- [Collected material]
━━━━━━

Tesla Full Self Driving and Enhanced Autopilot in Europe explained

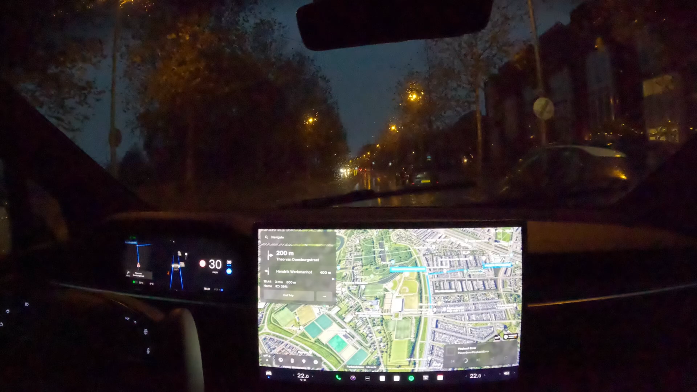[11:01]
this one is working as expected so well done fsd okay so we want to test the roundabout functionality in a car that has fsd enabled so as you see we are driving on uh full cell drive we are approaching the roundabout now and we want to know what this car will do in uh roundabout so uh we are getting closer here

━━━━━━

- [Task] The listing above is to be retyped exactly, with all pictures left out.

- [Result of the exercise]
Tesla Full Self Driving and Enhanced Autopilot in Europe explained

[11:01]
this one is working as expected so well done fsd okay so we want to test the roundabout functionality in a car that has fsd enabled so as you see we are driving on uh full cell drive we are approaching the roundabout now and we want to know what this car will do in uh roundabout so uh we are getting closer here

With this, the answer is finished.